A Couple with an Affinity for Modern Design Transform a Traditional Darien Colonial
Once this couple got started with a renovation, the mantra quickly became “why not”
Photography by George Ross
Longtime Darien residents John and Lulu McPhee were perfectly content with the 1937 center hall Colonial they bought in 2002. The only thing it needed was a new kitchen. But small house projects have a way of taking on a life of their own, and soon the McPhees were sitting down with an architect and drawing up plans for an ambitious renovation that not only doubled the home’s square footage, but also gave it a cleaner, more contemporary look. “The house was plenty big, but there were certain things it lacked,” says Lulu. “Once we got started, the question often wasn’t ‘why do something?’ but ‘why not?’”
The goal was to retain the classic New England feel on the outside, but open up the interiors to create rooms that were warm, inviting and a little more relaxed. “I love traditional Colonial architecture,” says Lulu. “But it can be closed off and formal. We wanted to make the circulation flow.”

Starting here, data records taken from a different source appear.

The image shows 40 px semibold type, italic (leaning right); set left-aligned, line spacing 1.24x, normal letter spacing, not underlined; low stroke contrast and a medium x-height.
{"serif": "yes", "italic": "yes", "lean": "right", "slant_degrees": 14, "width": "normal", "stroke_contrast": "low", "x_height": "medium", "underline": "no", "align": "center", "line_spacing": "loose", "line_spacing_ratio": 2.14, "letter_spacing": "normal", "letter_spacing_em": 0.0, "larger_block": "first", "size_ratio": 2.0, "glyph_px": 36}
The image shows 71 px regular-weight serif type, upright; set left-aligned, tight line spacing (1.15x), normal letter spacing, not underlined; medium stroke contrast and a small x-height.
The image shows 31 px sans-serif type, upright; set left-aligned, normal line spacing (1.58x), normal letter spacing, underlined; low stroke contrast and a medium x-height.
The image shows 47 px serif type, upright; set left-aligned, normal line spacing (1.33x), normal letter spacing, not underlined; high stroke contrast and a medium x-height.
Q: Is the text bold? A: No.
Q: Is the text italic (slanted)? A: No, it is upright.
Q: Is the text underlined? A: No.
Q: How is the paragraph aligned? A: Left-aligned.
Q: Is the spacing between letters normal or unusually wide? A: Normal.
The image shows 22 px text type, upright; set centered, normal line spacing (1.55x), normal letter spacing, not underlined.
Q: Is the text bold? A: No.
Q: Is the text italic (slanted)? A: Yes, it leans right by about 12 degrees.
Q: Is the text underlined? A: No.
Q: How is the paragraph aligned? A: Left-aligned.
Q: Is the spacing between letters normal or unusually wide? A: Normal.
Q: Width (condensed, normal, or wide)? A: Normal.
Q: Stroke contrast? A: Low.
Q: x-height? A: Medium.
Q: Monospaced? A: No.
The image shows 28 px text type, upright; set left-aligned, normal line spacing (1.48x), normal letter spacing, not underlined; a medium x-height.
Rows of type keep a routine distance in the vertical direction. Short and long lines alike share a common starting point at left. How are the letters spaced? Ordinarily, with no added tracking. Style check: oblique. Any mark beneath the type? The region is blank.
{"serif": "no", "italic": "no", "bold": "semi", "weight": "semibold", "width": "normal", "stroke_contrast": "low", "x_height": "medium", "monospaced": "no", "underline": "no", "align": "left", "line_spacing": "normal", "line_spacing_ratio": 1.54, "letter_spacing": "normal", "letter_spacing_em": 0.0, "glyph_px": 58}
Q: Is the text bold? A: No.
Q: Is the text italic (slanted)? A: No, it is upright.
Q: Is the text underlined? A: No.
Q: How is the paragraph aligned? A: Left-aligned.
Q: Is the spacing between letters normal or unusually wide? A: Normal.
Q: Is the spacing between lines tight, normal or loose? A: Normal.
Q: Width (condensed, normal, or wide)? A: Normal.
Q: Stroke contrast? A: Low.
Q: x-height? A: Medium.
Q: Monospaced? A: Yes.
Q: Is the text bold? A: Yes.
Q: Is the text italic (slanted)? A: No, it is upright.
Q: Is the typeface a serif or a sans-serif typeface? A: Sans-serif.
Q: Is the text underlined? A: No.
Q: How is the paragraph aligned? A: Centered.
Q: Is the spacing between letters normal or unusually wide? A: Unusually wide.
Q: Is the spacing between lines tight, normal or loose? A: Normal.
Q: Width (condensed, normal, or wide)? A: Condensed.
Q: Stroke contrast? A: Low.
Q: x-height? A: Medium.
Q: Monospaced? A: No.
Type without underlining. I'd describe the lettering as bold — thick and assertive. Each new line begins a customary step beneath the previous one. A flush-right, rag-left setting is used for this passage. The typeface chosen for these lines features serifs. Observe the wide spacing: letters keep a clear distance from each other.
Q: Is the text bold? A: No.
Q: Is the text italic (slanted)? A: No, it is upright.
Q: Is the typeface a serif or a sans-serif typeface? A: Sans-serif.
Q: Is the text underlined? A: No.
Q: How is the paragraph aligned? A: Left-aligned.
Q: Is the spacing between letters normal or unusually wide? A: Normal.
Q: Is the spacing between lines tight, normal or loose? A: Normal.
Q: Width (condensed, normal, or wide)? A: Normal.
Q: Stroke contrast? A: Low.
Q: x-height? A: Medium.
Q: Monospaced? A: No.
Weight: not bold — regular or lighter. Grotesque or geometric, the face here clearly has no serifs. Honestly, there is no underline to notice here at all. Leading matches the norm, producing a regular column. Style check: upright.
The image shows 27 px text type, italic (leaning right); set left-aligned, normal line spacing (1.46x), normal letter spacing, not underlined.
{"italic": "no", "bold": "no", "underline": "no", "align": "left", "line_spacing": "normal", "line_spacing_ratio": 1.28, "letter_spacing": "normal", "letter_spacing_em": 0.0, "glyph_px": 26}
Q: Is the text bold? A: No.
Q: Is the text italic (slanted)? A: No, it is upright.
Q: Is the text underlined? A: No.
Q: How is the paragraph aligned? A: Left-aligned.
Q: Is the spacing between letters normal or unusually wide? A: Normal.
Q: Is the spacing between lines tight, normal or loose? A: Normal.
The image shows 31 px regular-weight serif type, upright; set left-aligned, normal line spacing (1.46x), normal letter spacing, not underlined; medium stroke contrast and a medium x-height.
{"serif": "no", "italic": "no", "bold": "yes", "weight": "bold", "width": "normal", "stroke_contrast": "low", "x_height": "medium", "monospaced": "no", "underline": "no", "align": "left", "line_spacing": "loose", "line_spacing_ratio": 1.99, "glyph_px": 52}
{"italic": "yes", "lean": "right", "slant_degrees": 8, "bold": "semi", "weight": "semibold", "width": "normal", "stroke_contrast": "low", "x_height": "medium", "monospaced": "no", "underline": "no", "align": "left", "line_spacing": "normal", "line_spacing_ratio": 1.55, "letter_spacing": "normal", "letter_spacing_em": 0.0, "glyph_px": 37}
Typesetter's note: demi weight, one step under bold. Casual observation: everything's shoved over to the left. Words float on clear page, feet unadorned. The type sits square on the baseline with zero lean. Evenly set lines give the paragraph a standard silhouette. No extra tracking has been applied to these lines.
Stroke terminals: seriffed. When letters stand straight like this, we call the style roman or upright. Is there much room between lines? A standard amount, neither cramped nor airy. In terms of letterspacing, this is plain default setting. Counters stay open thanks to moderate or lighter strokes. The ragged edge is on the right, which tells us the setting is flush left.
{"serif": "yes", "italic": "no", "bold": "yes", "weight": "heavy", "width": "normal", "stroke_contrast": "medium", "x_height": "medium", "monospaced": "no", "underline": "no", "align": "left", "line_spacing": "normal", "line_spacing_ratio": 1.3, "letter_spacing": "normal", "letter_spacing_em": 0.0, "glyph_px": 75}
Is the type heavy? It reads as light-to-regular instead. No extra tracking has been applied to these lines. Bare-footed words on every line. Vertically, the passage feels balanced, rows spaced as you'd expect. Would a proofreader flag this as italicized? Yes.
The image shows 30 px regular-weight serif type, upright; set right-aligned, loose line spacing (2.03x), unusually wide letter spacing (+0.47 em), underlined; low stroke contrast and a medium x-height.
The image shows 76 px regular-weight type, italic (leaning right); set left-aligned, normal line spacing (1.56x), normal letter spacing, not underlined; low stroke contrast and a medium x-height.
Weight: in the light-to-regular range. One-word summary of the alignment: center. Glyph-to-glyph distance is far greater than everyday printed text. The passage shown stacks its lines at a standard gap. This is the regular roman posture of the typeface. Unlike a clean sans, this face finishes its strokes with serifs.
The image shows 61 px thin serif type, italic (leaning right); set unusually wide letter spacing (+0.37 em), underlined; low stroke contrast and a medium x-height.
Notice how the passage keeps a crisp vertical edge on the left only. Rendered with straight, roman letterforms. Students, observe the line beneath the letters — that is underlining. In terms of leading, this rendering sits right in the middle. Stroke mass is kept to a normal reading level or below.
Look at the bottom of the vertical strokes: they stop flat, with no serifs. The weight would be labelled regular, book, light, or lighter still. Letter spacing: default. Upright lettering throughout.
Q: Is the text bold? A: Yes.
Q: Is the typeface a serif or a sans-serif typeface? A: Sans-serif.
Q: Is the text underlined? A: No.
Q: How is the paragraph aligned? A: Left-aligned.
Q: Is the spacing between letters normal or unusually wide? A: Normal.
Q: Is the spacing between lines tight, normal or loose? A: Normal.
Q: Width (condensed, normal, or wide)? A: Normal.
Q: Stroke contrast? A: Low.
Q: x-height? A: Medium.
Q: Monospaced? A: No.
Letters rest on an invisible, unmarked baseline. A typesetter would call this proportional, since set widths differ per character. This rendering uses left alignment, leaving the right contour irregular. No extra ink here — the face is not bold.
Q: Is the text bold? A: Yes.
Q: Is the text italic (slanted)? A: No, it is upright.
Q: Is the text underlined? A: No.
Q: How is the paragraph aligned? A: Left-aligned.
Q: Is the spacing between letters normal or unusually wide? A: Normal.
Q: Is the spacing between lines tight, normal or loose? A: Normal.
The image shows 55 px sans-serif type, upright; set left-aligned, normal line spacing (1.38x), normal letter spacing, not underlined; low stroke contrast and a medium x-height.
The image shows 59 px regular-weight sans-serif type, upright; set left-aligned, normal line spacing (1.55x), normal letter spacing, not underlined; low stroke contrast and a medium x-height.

John and Lulu have an affinity for modern design: John is the president of Design Within Reach (formerly the COO of Edelman Leather), and Lulu grew up in Oregon, the daughter of an architect. To achieve their vision, they enlisted the help of Westport-based architect Tasos Kokoris. “It was a nice house with beautiful lines,” says Kokoris. “In deference to the neighborhood, we didn’t want to do anything crazy from the street side.”
Inside, however, was a different story. Most of the space was reconfigured, though the living room and master bedroom—part of an expansion by the previous owners—were left intact. The open stairway to the basement is now part of the design instead of hidden from view. The dining room became a home office with a fish tank wall; the kitchen is now a mudroom with deluxe digs for the family dog; upstairs are three bedrooms for each of the children. In the spacious kitchen, formerly the family room, Kokoris opened up the back wall and added a large rectangular space, which is divided into separate sitting and dining areas. French doors lead to an expansive screened-in porch. “We were able to add some bells and whistles,” he says, such as an elevator, a second-floor laundry room, a media room and wine cellar, plus a state-of-the art geothermal, solar heating and cooling system.
For the interiors, the McPhees wanted to incorporate a mix of contemporary and Asian furnishings. Lulu turned to Darien designer Melinda Tweeddale, whom she had met years earlier. “I could tell she was someone who thinks outside the box,” says Lulu. To maintain a cohesive look between the old part of the house and the new, Tweeddale used a neutral palette of gray and taupe, with purple and green accents. She updated the living room by adding a hint of lavender to the white walls. Lavender drapes with a shimmery gold print, and a custom lavender and metallic area rug add just the right transitional note. In the sitting area, a classic Florence Knoll sofa is covered in a celadon linen; the chairs are done in a brown linen with pops of raspberry; and the dining chairs are a sea-foam green leather. In keeping with the clutter-free aesthetic, kitchen appliances are hidden from view, including the refrigerator, which is housed in an Asian armoire.
“I’m very aware that rooms can make people feel a certain way,” says Lulu. “We thought about every inch of the house—inside out, outside in.” Case in point: the trio of crystal lighting fixtures in the foyer that lead to a view of the outdoors. “The sparkle draws your eyes up, and you immediately feel present and centered,” she says. Similarly, in the wine cellar, the floor, ceilings and walls are done in red leather tiles. “There’s wine and a new shoe smell,” says Lulu. “Why would you ever want to leave?”
A version of this article appeared in the March 2014 issue of Connecticut Cottages & Gardens with the headline: Design Without Reservations.